In ,,Ordnung" wird die Ordnung als ein Instrument der Kontrolle und Unterdrückung dargestellt. Die Polizisten setzen die Ordnung mit Härte und Gewalt durch, ohne Rücksicht auf die Bedürfnisse oder Gefühle der Jugendlichen. Die Geschichte kritisiert die starren Normen und Regeln der DDR und die fehlende Freiheit der Bürger.
Welche stilistischen Mittel werden in ,,Fünfzehn" verwendet?
In ,,Fünfzehn" werden verschiedene stilistische Mittel verwendet, darunter Übertreibungen, Metaphern, Klimax und rhetorische Fragen. Die Sprache ist oft parataktisch, um die Sprache der Jugend zu symbolisieren, während die ausgefeiltere Sprache des Vaters dessen Perspektive widerspiegelt. Der Ich-Erzähler (wahrscheinlich der Vater) vermittelt die Handlung subjektiv und ironisch.
Welche stilistischen Mittel werden in ,,Ordnung" verwendet?
In ,,Ordnung" wird eine nüchterne, kühle und distanzierte Sprache verwendet. Die Sätze sind kurz und einfach gehalten, und es kommen kaum Adjektive vor. Der personale Erzähler beschreibt das Geschehen objektiv, wodurch eine kritische Distanz geschaffen wird. Der Befehlston der Polizisten verstärkt den Eindruck von Härte und Autorität.
Welche Gemeinsamkeiten und Unterschiede gibt es zwischen ,,Fünfzehn" und ,,Ordnung"?
Beide Texte thematisieren die Ordnung und den Generationskonflikt. In ,,Fünfzehn" wird die Ordnung jedoch eher als ein persönlicher Konflikt dargestellt, während sie in ,,Ordnung" als ein politisches Instrument der Unterdrückung erscheint. ,,Fünfzehn" ist durch Verständnis und Ironie geprägt, während ,,Ordnung" durch Härte und Distanz gekennzeichnet ist. Beide Texte weisen Merkmale von Kurzgeschichten auf, wie einen abrupten Beginn, eine Alltagssituation und ein offenes Ende.
Welche Kritik an der DDR wird in den Texten deutlich?

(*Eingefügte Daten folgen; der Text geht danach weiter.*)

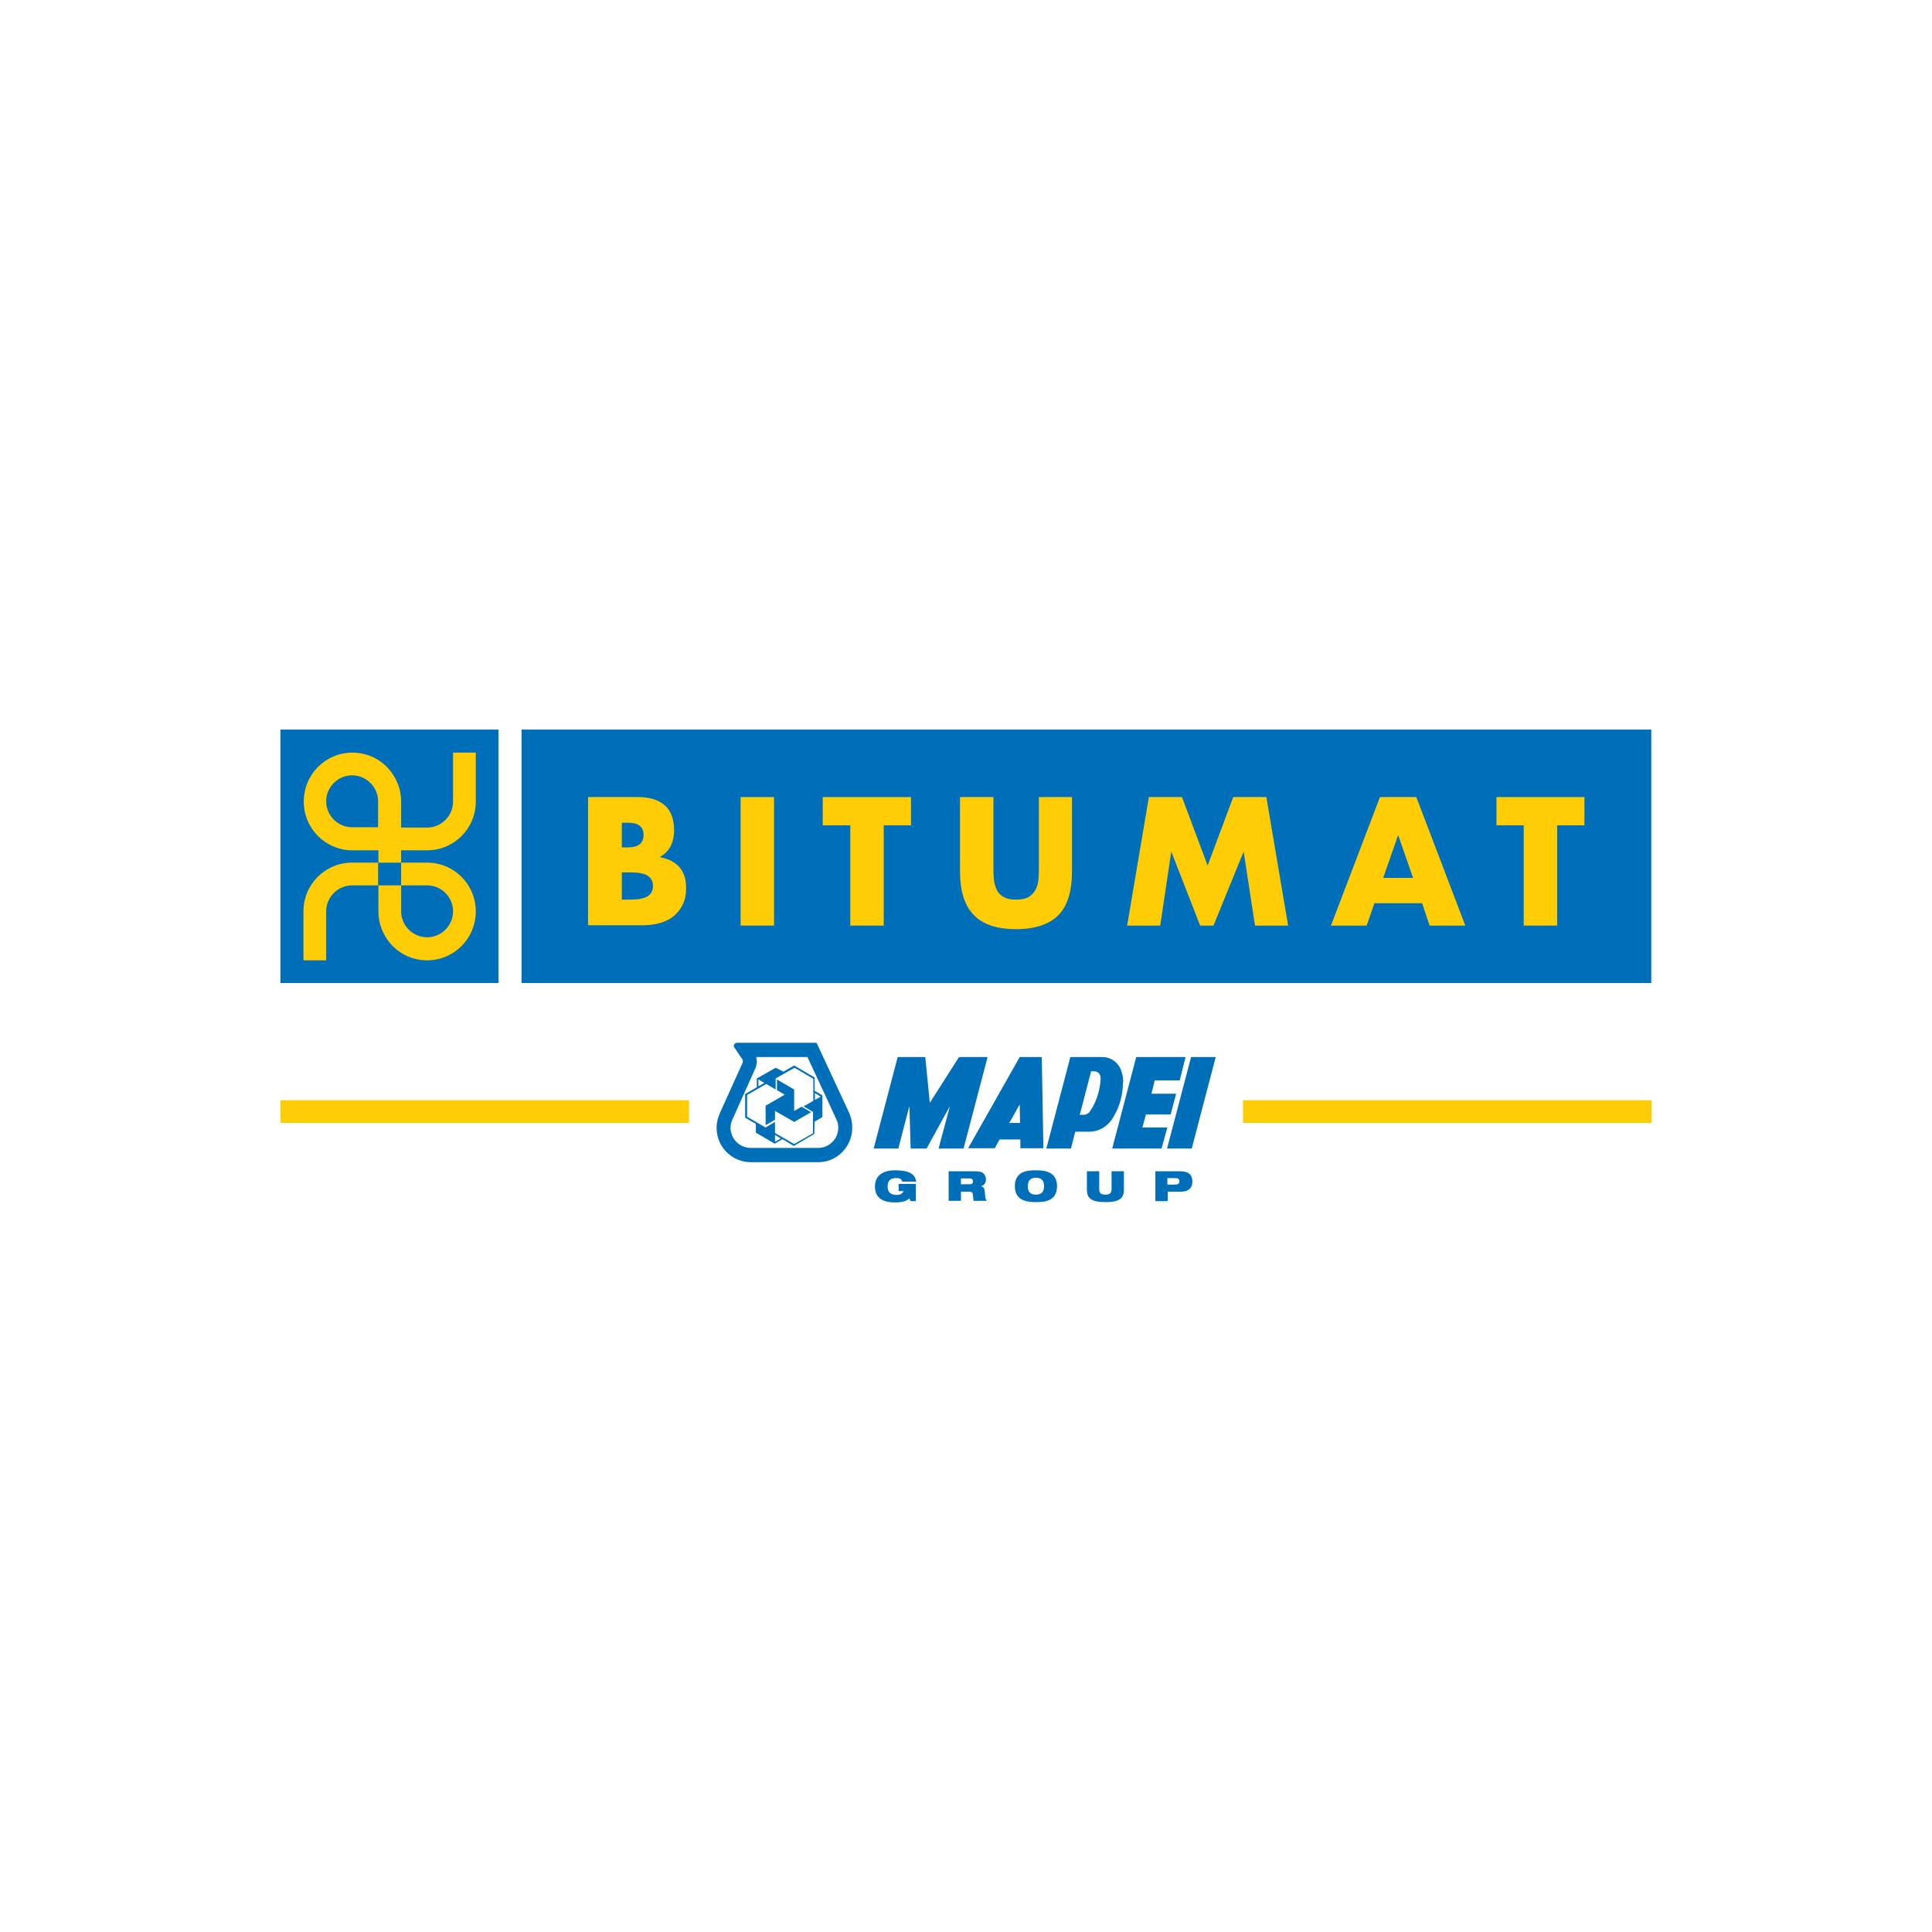 <?xml version="1.0" encoding="utf-8"?>
<!-- Generator: Adobe Illustrator 24.2.3, SVG Export Plug-In . SVG Version: 6.00 Build 0)  -->
<svg version="1.1" id="Layer_1" xmlns="http://www.w3.org/2000/svg" xmlns:xlink="http://www.w3.org/1999/xlink" x="0px" y="0px"
	 viewBox="0 0 595.3 595.3" style="enable-background:new 0 0 595.3 595.3;" xml:space="preserve">
<style type="text/css">
	.st0{fill:#006FB9;}
	.st1{fill:#FFCD05;}
</style>
<g>
	<rect x="86.4" y="224.8" class="st0" width="67.2" height="78.1"/>
	<path class="st1" d="M131.6,262c8.3,0,15-6.7,15-15v-15.1h-7v15.1c0,4.4-3.6,8-8,8h-8v-8c0-3.7-1.3-7-3.5-9.7
		c-2.7-3.3-6.9-5.4-11.5-5.4c-8.3,0-15,6.7-15,15.1c0,8.3,6.7,15,15,15h8v3.8h7V262H131.6z M116.5,254.9h-8c-4.4,0-8-3.6-8-8
		c0-4.4,3.6-8,8-8c4.4,0,8,3.6,8,8V254.9z M131.6,272.8c4.4,0,8,3.6,8,8c0,4.4-3.6,8-8,8c-4.4,0-8-3.6-8-8v-8h-7v8
		c0,3.7,1.3,7,3.5,9.7c2.7,3.3,6.9,5.4,11.5,5.4c8.3,0,15-6.7,15-15.1c0-8.3-6.7-15-15-15h-8v7H131.6z M108.5,265.8
		c-8.3,0-15,6.7-15,15v15.1h7v-15.1c0-4.4,3.6-8,8-8h8v-7H108.5z"/>
	<rect x="160.7" y="224.8" class="st0" width="348.1" height="78.1"/>
	<path class="st1" d="M181.3,245.6h15.3c3.6,0,6.4,0.9,8.3,2.6s2.8,4.3,2.8,7.6c0,2-0.4,3.6-1.1,5c-0.7,1.3-1.8,2.4-3.3,3.3
		c1.5,0.3,2.7,0.7,3.8,1.3c1,0.6,1.9,1.3,2.5,2.1c0.6,0.8,1.1,1.8,1.4,2.8c0.3,1,0.4,2.2,0.4,3.4c0,1.9-0.3,3.5-1,4.9
		c-0.6,1.4-1.6,2.6-2.7,3.6c-1.2,1-2.6,1.7-4.3,2.2c-1.7,0.5-3.6,0.7-5.7,0.7h-16.5V245.6z M191.6,261.1h1.9c3.2,0,4.8-1.3,4.8-3.8
		c0-2.6-1.6-3.8-4.8-3.8h-1.9V261.1z M191.6,277.2h2.3c2.6,0,4.4-0.3,5.6-1c1.1-0.7,1.7-1.7,1.7-3.2c0-1.5-0.6-2.5-1.7-3.2
		c-1.1-0.7-3-1-5.6-1h-2.3V277.2z"/>
	<rect x="228.2" y="245.6" class="st1" width="10.3" height="39.6"/>
	<polygon class="st1" points="272.3,254.3 272.3,285.2 262,285.2 262,254.3 253.5,254.3 253.5,245.6 280.7,245.6 280.7,254.3 	"/>
	<path class="st1" d="M306.1,245.6v21.5c0,1.2,0,2.3,0.1,3.5c0.1,1.2,0.4,2.3,0.8,3.3c0.4,1,1.1,1.8,2.1,2.4c0.9,0.6,2.3,0.9,4,0.9
		c1.7,0,3-0.3,4-0.9c0.9-0.6,1.6-1.4,2.1-2.4c0.5-1,0.7-2.1,0.8-3.3s0.1-2.4,0.1-3.5v-21.5h10.2v22.9c0,6.2-1.4,10.7-4.2,13.5
		c-2.8,2.8-7.2,4.3-13,4.3c-5.8,0-10.2-1.4-13-4.3c-2.8-2.8-4.3-7.3-4.3-13.5v-22.9H306.1z"/>
	<polygon class="st1" points="347.3,285.2 354,245.6 364.2,245.6 372.1,266.7 380,245.6 390.2,245.6 396.9,285.2 386.7,285.2 
		383.2,262.4 373.9,285.2 369.8,285.2 360.9,262.4 357.5,285.2 	"/>
	<path class="st1" d="M438.2,278.3h-14.7l-2.4,6.9h-11l15.1-39.6h11.2l15.1,39.6h-11L438.2,278.3z M435.4,270.5l-4.6-13.2l-4.6,13.2
		H435.4z"/>
	<polygon class="st1" points="479.8,254.3 479.8,285.2 469.5,285.2 469.5,254.3 461.1,254.3 461.1,245.6 488.2,245.6 488.2,254.3 	
		"/>
	<rect x="86.4" y="339" class="st1" width="125.9" height="7"/>
	<rect x="383" y="339" class="st1" width="125.9" height="7"/>
	<path class="st0" d="M247.6,340.9L247.6,340.9L247.6,340.9L247.6,340.9z M244.7,335.7l-5.3-3.1l0,3.3h0l2.4,1.4l-5.9,3.4l0,6
		l2.9-1.7l0,0v-2.7l5.9,3.4l5.2-3l-2.9-1.7l0,0l-2.3,1.3L244.7,335.7z M251,345.6l2.4-1.4h0l0-6.7l-2.4-1.4v-4.1l-6.3-3.7l0,0
		l-3.3,1.9v0L239,329h0l-5.8,3.3l0,2.7l-3.6,2.1l0,7.3l0,0l3.3,1.9v2.7l5.8,3.4l2.4-1.4l3.5,2.1h0l6.3-3.7l0,0L251,345.6L251,345.6z
		 M252.7,337.8l0.2,0.1l-1.8,1v0v-2.1L252.7,337.8z M233.7,332.8v-0.2l1.8,1.1v0l-1.8,1L233.7,332.8z M239,351.7l-0.2,0.1v-2.1h0
		l1.8,1.1L239,351.7z M250.6,339.2l-3,1.7l2.9,1.7v6.6l-5.8,3.3l0,0l-5.9-3.4v-3.4l-2.9,1.7l-5.7-3.3v-6.7l5.9-3.4l2.9,1.7l0-3.4
		l5.8-3.3l5.8,3.4V339.2z"/>
	<path class="st0" d="M262.6,347.5c0-1.6-0.3-3.1-0.9-4.5l-10.1-21.7h-24.5c-0.5,0-1,0.4-1,1c0,0.2,0.1,0.4,0.2,0.5l2.3,3.4
		c0.2,0.2,0.3,0.5,0.3,0.8c0,0.2,0,0.3-0.1,0.5l-7,15.5c-0.6,1.4-1,2.9-1,4.5c0,5.9,4.7,10.6,10.6,10.6l20.8,0
		C257.9,358.1,262.6,353.3,262.6,347.5 M258.3,347.5c0,3.4-2.8,6.2-6.2,6.2c0,0-20.8,0-20.8,0c-3.4,0-6.2-2.8-6.2-6.2
		c0-0.9,0.2-1.8,0.6-2.6l0,0l7-15.6l0,0c0.3-0.7,0.5-1.5,0.5-2.3c0-0.4-0.1-0.9-0.2-1.3h15.8c2.7,5.7,8.9,19.2,8.9,19.2
		C258.1,345.6,258.3,346.5,258.3,347.5"/>
	<polygon class="st0" points="357.9,353.9 342.7,353.9 350.1,325.7 365.3,325.7 363.5,332.9 355.8,332.9 354.8,337 362.4,337 
		360.7,343.4 353.1,343.4 352,347.4 359.7,347.4 	"/>
	<polygon class="st0" points="359.6,353.9 367.2,353.9 374.6,325.7 367,325.7 	"/>
	<path class="st0" d="M321,325.7l-6.8,0l-15.9,28.1h8.2l1.5-2.7l6.4,0l0,2.7l7.1,0L321,325.7z M311,346l3.2-5.7l0.1,5.7H311z"/>
	<polygon class="st0" points="285.1,325.7 276.6,325.7 269.2,353.9 276.8,353.9 280.2,340.8 280.6,353.9 285.5,353.9 292.7,340.8 
		289.2,353.9 296.9,353.9 304.3,325.7 295.5,325.7 286.5,339.8 	"/>
	<path class="st0" d="M346.1,333.5c0-1.2-0.2-2.4-0.6-3.5c-0.8-2.5-3.1-4.3-5.8-4.3l-9.9,0l-7.4,28.2h7.6l1.3-5.2l4.3,0
		c3,0,5.3-1.5,6.9-3.6c0.3-0.5,0.6-1,0.9-1.5c1.6-2.8,2.5-6.1,2.6-9.6V333.5z M336,342.2c-0.2,0.3-0.4,0.6-0.7,0.8
		c-0.4,0.3-0.8,0.5-1.5,0.5h-1.1l3.5-13.4h1v0c1,0,1.9,0.8,1.9,1.9C339.2,331.9,339.2,337.4,336,342.2"/>
	<path class="st0" d="M296.1,364.9h2.7c0.7,0,1-0.3,1-0.9c0-0.7-0.5-0.9-1.1-0.9h-2.6V364.9z M292.3,360.9h7.9
		c1.1,0,1.7,0.1,2.3,0.3c0.7,0.3,1.3,1.2,1.3,2.2c0,0.9-0.4,1.8-1.5,2.1v0c0.6,0.2,1,0.6,1.1,1.4l0.2,2c0,0.4,0.2,0.8,0.5,1.1h-4.1
		c-0.1-0.3-0.1-0.7-0.2-1.7c0-0.7-0.3-1.1-1-1.1h-2.7v2.8h-3.8V360.9z"/>
	<path class="st0" d="M319.2,368.1c1.5,0,2.5-0.7,2.5-2.6c0-1.9-1-2.6-2.5-2.6c-1.5,0-2.5,0.7-2.5,2.6
		C316.7,367.4,317.6,368.1,319.2,368.1 M319.2,360.6c2.3,0,6.5,0.2,6.5,4.9c0,4.8-4.2,4.9-6.5,4.9c-2.3,0-6.5-0.2-6.5-4.9
		C312.7,360.7,316.9,360.6,319.2,360.6"/>
	<path class="st0" d="M334.9,360.9h3.8v5.6c0,1.2,0.7,1.6,1.9,1.6c1.2,0,1.9-0.4,1.9-1.6v-5.6h3.8v5.7c0,2.9-1.8,3.8-5.7,3.8
		c-3.9,0-5.7-0.9-5.7-3.8V360.9z"/>
	<path class="st0" d="M359.7,365h2.4c0.9,0,1.3-0.3,1.3-1c0-0.7-0.4-1-1.3-1h-2.4V365z M355.9,360.9h7.8c2.7,0,3.7,1.2,3.7,3.2
		c0,1.8-1,3.1-3.6,3.1h-4v2.9h-3.8V360.9z"/>
	<path class="st0" d="M276.8,364.8h5.4v5.3h-1.6l-0.4-0.8c-1,0.8-2.2,1.2-4.4,1.2c-2.6,0-6.2-0.6-6.2-4.9c0-4,3.3-5,6.2-5
		c4.2,0,6.2,1.1,6.5,3.5H278c-0.1-0.5-0.4-0.8-0.7-0.9c-0.4-0.2-0.8-0.2-1.3-0.2c-1.5,0-2.5,0.7-2.5,2.6c0,1.7,0.9,2.6,2.8,2.6
		c1.2,0,1.8-0.5,2.1-1.2h-1.5V364.8z"/>
</g>
</svg>

In ,,Fünfzehn" wird die Kritik an der DDR subtiler angedeutet, etwa durch die Bewunderung des Vaters für die Freiheit und Unangepasstheit seiner Tochter. In ,,Ordnung" wird die Kritik deutlicher, indem die autoritäre Staatsgewalt und die Unterdrückung von Individualität angeprangert werden. Der Besuch eines Jazz-Konzertes wird als verdächtig dargestellt, und der Gummiknüppel am Ende symbolisiert die Gewalt des Staates.
In welchem Zusammenhang stehen die Kurzgeschichten zu Reiner Kunzes Leben?
Reiner Kunze schrieb viele kritische Werke über das Leben in der DDR. Die Kurzgeschichten stammen aus dem Prosaband ,,Die wunderbaren Jahre". Nachdem dieser Band in der Bundesrepublik Deutschland veröffentlicht wurde, wurde Kunze aus dem Schriftstellerverband der DDR ausgeschlossen und übersiedelte nach Westdeutschland. ,,Fünfzehn" kann autobiographische Züge aufweisen, da Kunze möglicherweise ähnliche Erfahrungen mit seiner Tochter gemacht hat.